Is conscious public action possible, or are we left with the alternatives of public policy, endorsed by political philosophy, or private action, endorsed by the spontaneous market? Why be privately philanthropic under either the authoritative or the spontaneous model? If the political philosophy model treats economics as subservient to politics, the market model suggests just the reverse. If political philosophers err in identifying spontaneity with anarchy, then market supporters err in identifying statesmanship with coercion. Is there, possibly, a third way?
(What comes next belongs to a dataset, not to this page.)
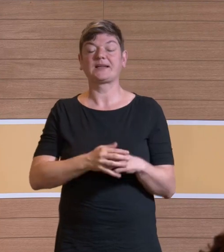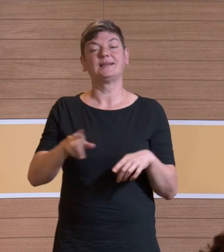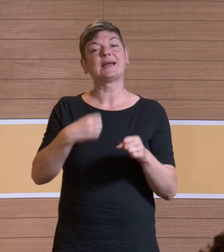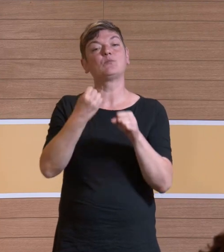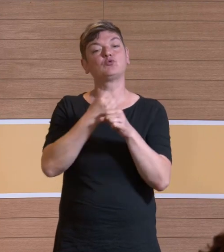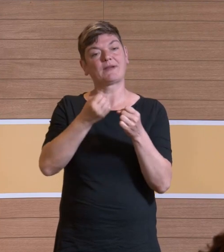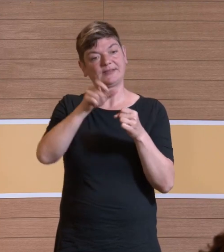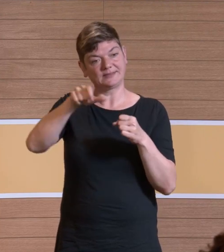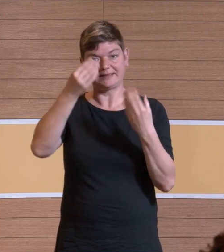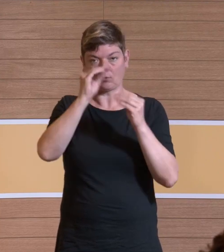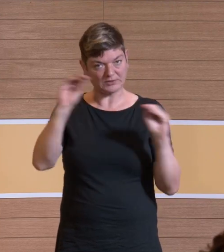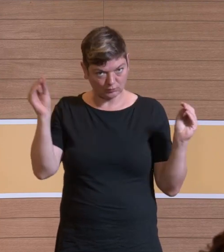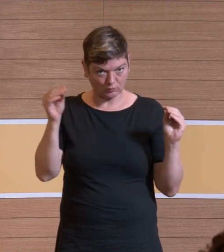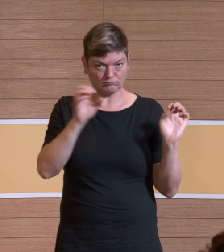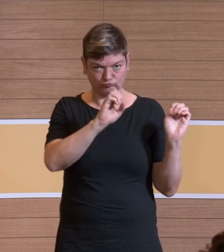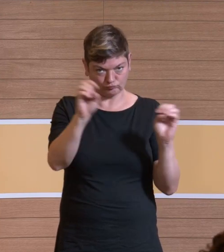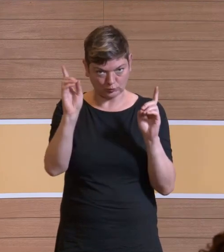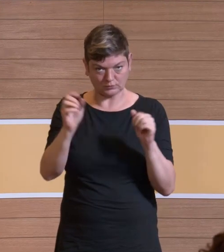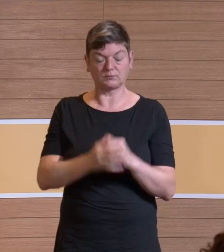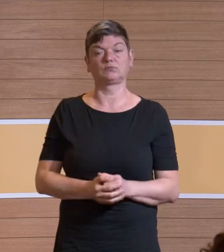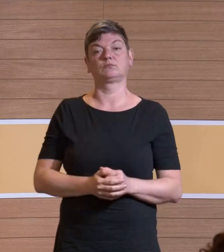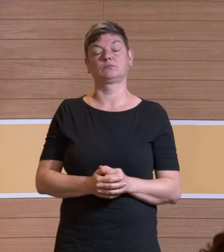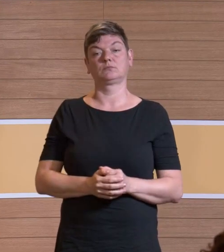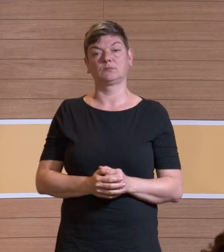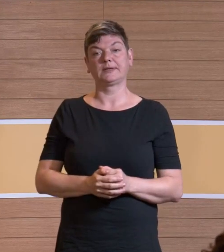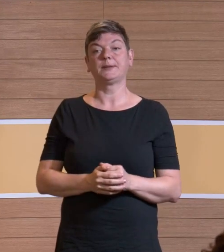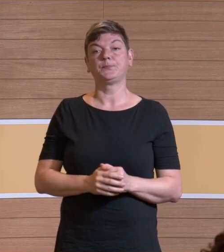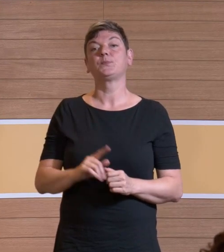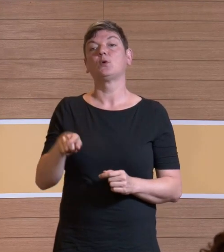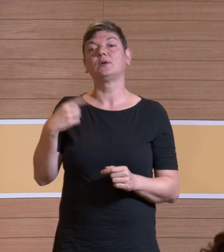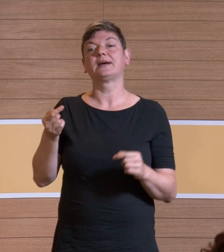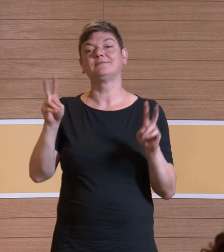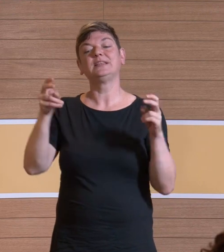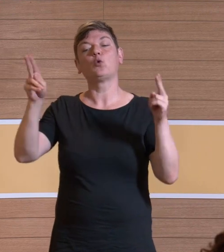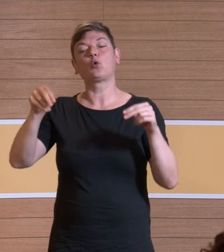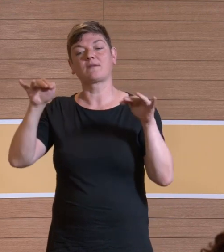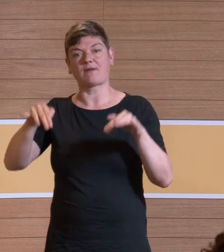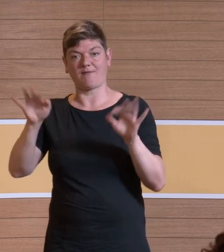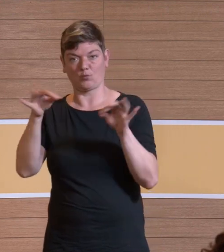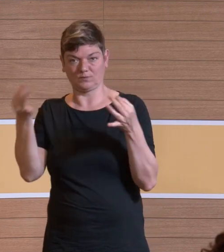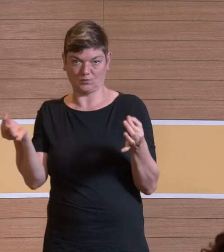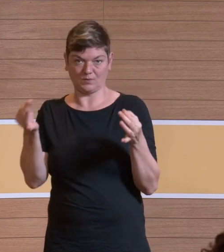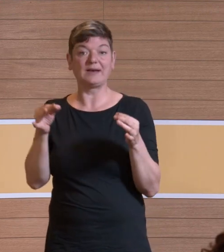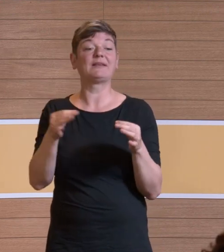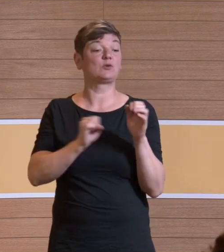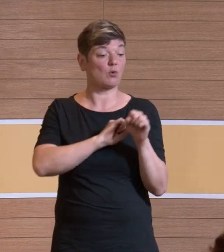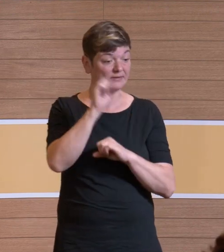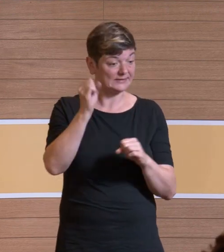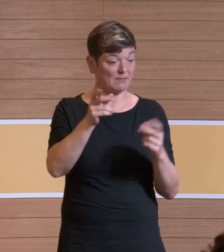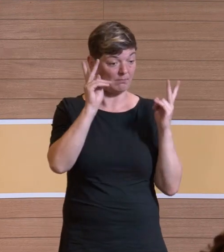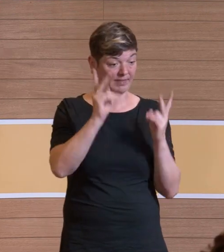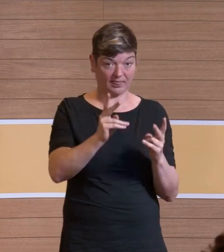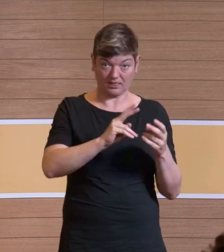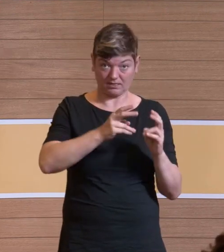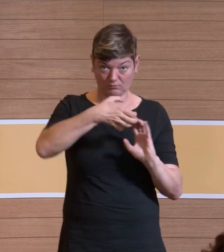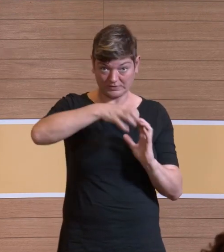informiert werden, will ich jetzt nichts zu sagen. Und dann gibt es nachher noch so eine Rückfallfunktion. Wenn dennoch hohe Konzentrationen sind,

I think we need a Tocquevellian, modern public action solution for the problems of modernity, one that retains spontaneous human initiative and yet appeals to the civic dimension of human existence. One that overcomes the ancient appeal to communal duty without relying exclusively on the invisible hand of the marketplace. As I read Tocqueville, he warns that reliance on ancient sacrifice is inappropriate. But he also warns that the market system may well encourage self-interest wrongly understood: the notion that I help others by helping myself. Tocqueville is arguing for self-interest rightly understood: By helping others, I help myself. In short, that is the case for being privately philanthropic in the modern world.

As Tocqueville said, self-interest rightly understood is not “a sublime doctrine,” one that is among the highest of individual virtues. But it is reliable; it brings out the best in modern man; it produces “orderly, temperate, moderate, careful, and self-controlled citizens.” Most importantly, it provides an alternative to both the paternalistic state and the market state. It does not encourage an attachment to the prejudice of political philosophy, nor does it encourage us to abandon the fact that we are, by nature, at least partly political animals. The doctrine that “virtue is useful” leads humans “to help one another and disposes them freely to part of their time and wealth for the good of the state.” And when we support this practical approach with the dissemination of the “sublime utterance” of Christianity—”we must do good to our fellows for love of God”—we have, in effect, provided the second dimension of the sufficient condition for personal philanthropy that is absent in both the classical model and the market alternative.